Generating Gottesman-Kitaev-Preskill qubit using a cross-Kerr interaction between a squeezed light and Fock states in optics

TL;DR

This paper proposes a novel method to generate GKP qubits using cross-Kerr interaction between squeezed light and Fock states, achieving high fidelity suitable for fault-tolerant quantum computing in optics.

Contribution

It introduces a new scheme for optical GKP qubit generation leveraging cross-Kerr interaction, addressing the challenge of nonlinearity in quantum state preparation.

Findings

Achieves GKP qubit with 10 dB squeezing and high fidelity (99.99%)

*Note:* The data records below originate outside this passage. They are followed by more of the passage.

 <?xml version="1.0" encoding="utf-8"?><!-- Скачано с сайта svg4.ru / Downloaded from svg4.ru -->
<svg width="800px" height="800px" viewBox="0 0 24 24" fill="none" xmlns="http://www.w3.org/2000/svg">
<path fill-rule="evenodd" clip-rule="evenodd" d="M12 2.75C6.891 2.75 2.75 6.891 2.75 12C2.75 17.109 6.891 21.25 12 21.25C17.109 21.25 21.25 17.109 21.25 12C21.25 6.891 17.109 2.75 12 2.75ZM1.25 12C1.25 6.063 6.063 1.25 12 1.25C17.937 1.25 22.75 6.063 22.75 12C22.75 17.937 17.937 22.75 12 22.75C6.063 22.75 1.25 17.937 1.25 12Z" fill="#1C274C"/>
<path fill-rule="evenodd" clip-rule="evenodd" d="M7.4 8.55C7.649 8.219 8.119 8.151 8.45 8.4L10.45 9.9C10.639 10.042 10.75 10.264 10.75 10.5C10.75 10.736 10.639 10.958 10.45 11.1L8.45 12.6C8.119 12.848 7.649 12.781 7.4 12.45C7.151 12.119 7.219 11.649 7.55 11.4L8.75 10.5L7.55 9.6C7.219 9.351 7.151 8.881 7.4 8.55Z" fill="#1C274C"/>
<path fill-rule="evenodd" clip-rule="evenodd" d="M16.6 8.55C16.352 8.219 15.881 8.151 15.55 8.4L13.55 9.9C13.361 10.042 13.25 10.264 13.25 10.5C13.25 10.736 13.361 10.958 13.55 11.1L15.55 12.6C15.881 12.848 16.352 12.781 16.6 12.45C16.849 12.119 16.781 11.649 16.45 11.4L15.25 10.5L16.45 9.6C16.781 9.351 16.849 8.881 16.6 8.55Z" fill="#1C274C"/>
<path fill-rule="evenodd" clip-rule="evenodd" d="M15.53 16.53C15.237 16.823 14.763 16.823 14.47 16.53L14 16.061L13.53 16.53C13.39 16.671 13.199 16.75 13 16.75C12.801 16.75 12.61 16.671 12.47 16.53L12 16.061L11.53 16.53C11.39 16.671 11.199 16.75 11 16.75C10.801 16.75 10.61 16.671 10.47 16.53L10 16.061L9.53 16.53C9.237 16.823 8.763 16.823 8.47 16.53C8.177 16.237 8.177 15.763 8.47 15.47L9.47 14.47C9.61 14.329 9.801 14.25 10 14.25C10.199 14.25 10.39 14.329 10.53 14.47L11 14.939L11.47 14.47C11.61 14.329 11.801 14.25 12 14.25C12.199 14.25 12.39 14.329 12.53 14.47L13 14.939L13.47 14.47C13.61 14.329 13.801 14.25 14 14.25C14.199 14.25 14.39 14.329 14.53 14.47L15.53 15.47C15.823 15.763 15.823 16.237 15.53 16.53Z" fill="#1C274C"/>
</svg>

Success probabilities of 2.7% and 4.8% for different fidelities

Potential for scalable fault-tolerant quantum computation in optics

Abstract

Gottesman-Kitaev-Preskill (GKP) qubit is a promising ingredient for fault-tolerant quantum computation (FTQC) in optical continuous variables due to its advantage of noise tolerance and scalability. However, one of the main problems in the preparation of the optical GKP qubit is the difficulty in obtaining the nonlinearity. Cross-Kerr interaction is one of the promising candidates for this nonlinearity. There is no existing scheme to use the cross-Kerr interaction to generate the optical GKP qubit for FTQC. In this work, we propose a generation method of the GKP qubit by using a cross-Kerr interaction between a squeezed light and a superposition of Fock states. We numerically show that the GKP qubit with the 10 dB can be generated with a mean fidelities of 99.99 and 99.9% at the success probabilities of 2.7 and 4.8%, respectively. Therefore, our method has potential method to generate the optical GKP qubit with a quality required for FTQC when we obtain the sufficient technologies for the preparation of ancillary Fock states and a cross-Kerr interaction.